- [TASK DESCRIPTION]: Before you return the entries below, strip out the pictures and keep all else exact.

[Records from a dataset]
####

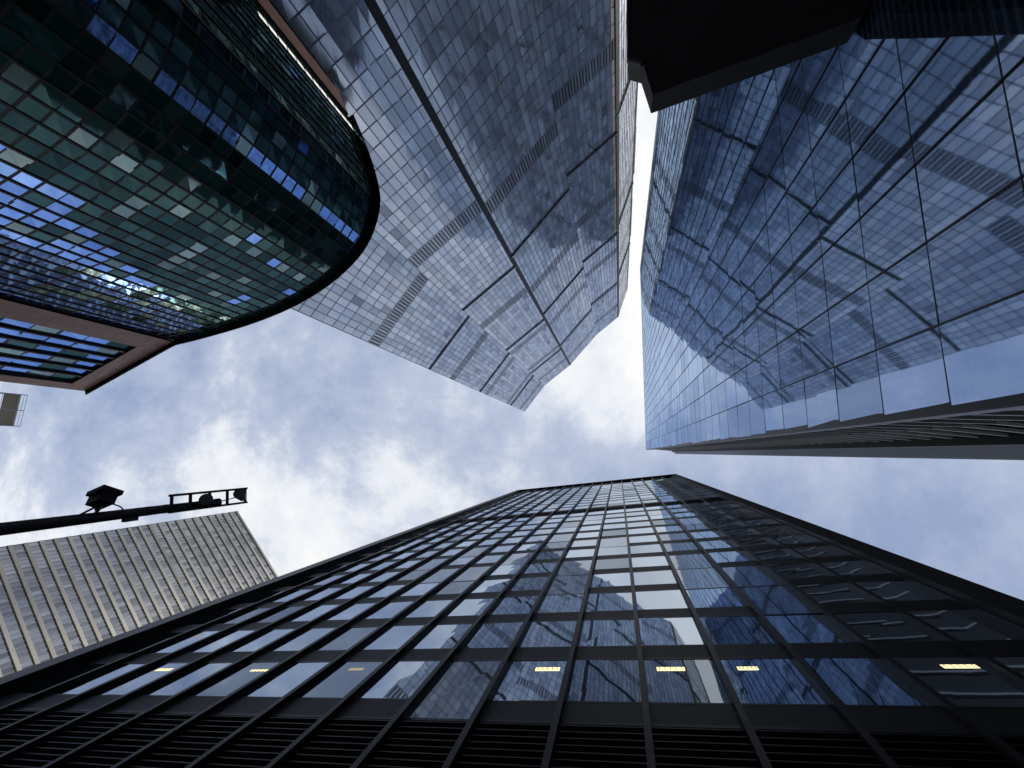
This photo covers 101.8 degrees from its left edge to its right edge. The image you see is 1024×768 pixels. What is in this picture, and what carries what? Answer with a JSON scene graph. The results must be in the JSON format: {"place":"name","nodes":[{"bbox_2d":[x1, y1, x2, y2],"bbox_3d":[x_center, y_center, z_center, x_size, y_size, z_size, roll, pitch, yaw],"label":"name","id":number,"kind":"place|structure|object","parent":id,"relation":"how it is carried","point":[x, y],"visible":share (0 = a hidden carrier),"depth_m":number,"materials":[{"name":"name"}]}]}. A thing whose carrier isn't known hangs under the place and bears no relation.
{"place":"outdoors","nodes":[
{"label":"outdoors","id":0,"kind":"place"},
{"bbox_2d":[0,392,27,426],"bbox_3d":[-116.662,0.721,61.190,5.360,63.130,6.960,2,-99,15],"label":"balcony stack","id":1,"kind":"object","parent":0,"point":[9,410],"visible":1,"depth_m":90.00,"materials":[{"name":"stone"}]},
{"bbox_2d":[0,484,247,535],"bbox_3d":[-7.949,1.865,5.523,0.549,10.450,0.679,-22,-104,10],"label":"traffic light pole","id":2,"kind":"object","parent":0,"point":[102,497],"depth_m":7.61,"materials":[{"name":"black metal"}]},
{"bbox_2d":[0,511,277,676],"bbox_3d":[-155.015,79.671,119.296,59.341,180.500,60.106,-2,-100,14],"label":"building","id":3,"kind":"structure","parent":0,"point":[62,596],"depth_m":147.15,"materials":[{"name":"concrete"}]},
{"bbox_2d":[0,0,380,394],"bbox_3d":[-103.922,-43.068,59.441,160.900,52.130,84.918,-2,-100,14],"label":"skyscraper","id":4,"kind":"structure","parent":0,"point":[174,172],"depth_m":43.73,"materials":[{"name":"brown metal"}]},
{"bbox_2d":[271,0,637,411],"bbox_3d":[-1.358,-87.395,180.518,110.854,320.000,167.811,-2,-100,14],"label":"faceted tower","id":5,"kind":"structure","parent":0,"point":[499,137],"depth_m":111.89,"materials":[{"name":"blue glass"}]},
{"bbox_2d":[0,474,1023,767],"bbox_3d":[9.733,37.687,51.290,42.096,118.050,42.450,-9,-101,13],"label":"tower st helens","id":6,"kind":"structure","parent":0,"point":[672,620],"depth_m":15.91,"materials":[{"name":"black glass"}]},
{"bbox_2d":[0,83,1023,599],"label":"sky","id":7,"kind":"structure","parent":0,"point":[340,442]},
{"bbox_2d":[640,0,1023,459],"bbox_3d":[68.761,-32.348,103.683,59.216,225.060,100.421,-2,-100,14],"label":"skyscraper","id":8,"kind":"structure","parent":0,"point":[832,261],"depth_m":25.38,"materials":[{"name":"blue glass"}]},
{"bbox_2d":[627,0,868,112],"bbox_3d":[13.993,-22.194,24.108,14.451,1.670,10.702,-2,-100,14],"label":"overhang soffit","id":9,"kind":"structure","parent":8,"relation":"attached to","point":[679,51],"depth_m":23.72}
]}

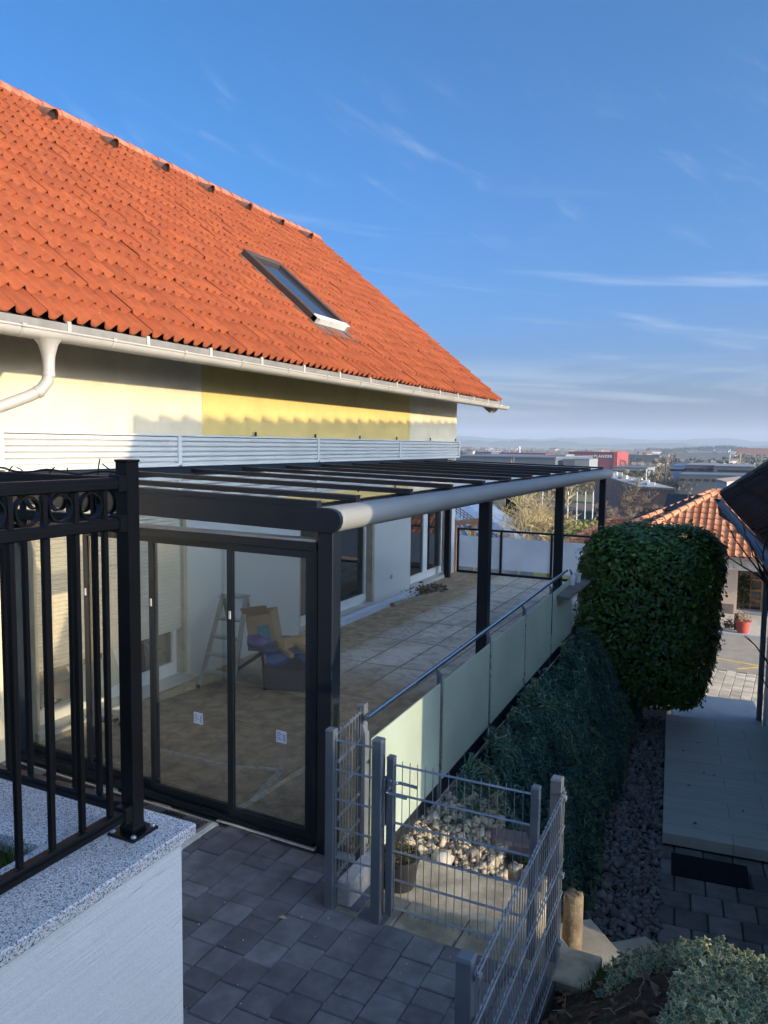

####

- [EXPECTED OUTPUT]:
This photo covers 101.8 degrees from its left edge to its right edge. The image you see is 1024×768 pixels. What is in this picture, and what carries what? Answer with a JSON scene graph. The results must be in the JSON format: {"place":"name","nodes":[{"bbox_2d":[x1, y1, x2, y2],"bbox_3d":[x_center, y_center, z_center, x_size, y_size, z_size, roll, pitch, yaw],"label":"name","id":number,"kind":"place|structure|object","parent":id,"relation":"how it is carried","point":[x, y],"visible":share (0 = a hidden carrier),"depth_m":number,"materials":[{"name":"name"}]}]}. A thing whose carrier isn't known hangs under the place and bears no relation.
{"place":"outdoors","nodes":[
{"label":"outdoors","id":0,"kind":"place"},
{"bbox_2d":[0,392,27,426],"bbox_3d":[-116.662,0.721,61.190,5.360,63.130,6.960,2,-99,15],"label":"balcony stack","id":1,"kind":"object","parent":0,"point":[9,410],"visible":1,"depth_m":90.00,"materials":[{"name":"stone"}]},
{"bbox_2d":[0,484,247,535],"bbox_3d":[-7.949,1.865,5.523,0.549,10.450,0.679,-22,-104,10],"label":"traffic light pole","id":2,"kind":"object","parent":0,"point":[102,497],"depth_m":7.61,"materials":[{"name":"black metal"}]},
{"bbox_2d":[0,511,277,676],"bbox_3d":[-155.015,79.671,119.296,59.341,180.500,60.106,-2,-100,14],"label":"building","id":3,"kind":"structure","parent":0,"point":[62,596],"depth_m":147.15,"materials":[{"name":"concrete"}]},
{"bbox_2d":[0,0,380,394],"bbox_3d":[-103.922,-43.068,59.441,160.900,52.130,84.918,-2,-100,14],"label":"skyscraper","id":4,"kind":"structure","parent":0,"point":[174,172],"depth_m":43.73,"materials":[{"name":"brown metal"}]},
{"bbox_2d":[271,0,637,411],"bbox_3d":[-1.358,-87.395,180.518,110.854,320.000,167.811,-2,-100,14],"label":"faceted tower","id":5,"kind":"structure","parent":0,"point":[499,137],"depth_m":111.89,"materials":[{"name":"blue glass"}]},
{"bbox_2d":[0,474,1023,767],"bbox_3d":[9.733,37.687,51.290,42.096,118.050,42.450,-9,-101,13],"label":"tower st helens","id":6,"kind":"structure","parent":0,"point":[672,620],"depth_m":15.91,"materials":[{"name":"black glass"}]},
{"bbox_2d":[0,83,1023,599],"label":"sky","id":7,"kind":"structure","parent":0,"point":[340,442]},
{"bbox_2d":[640,0,1023,459],"bbox_3d":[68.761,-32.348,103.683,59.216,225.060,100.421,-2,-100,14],"label":"skyscraper","id":8,"kind":"structure","parent":0,"point":[832,261],"depth_m":25.38,"materials":[{"name":"blue glass"}]},
{"bbox_2d":[627,0,868,112],"bbox_3d":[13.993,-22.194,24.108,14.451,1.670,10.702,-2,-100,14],"label":"overhang soffit","id":9,"kind":"structure","parent":8,"relation":"attached to","point":[679,51],"depth_m":23.72}
]}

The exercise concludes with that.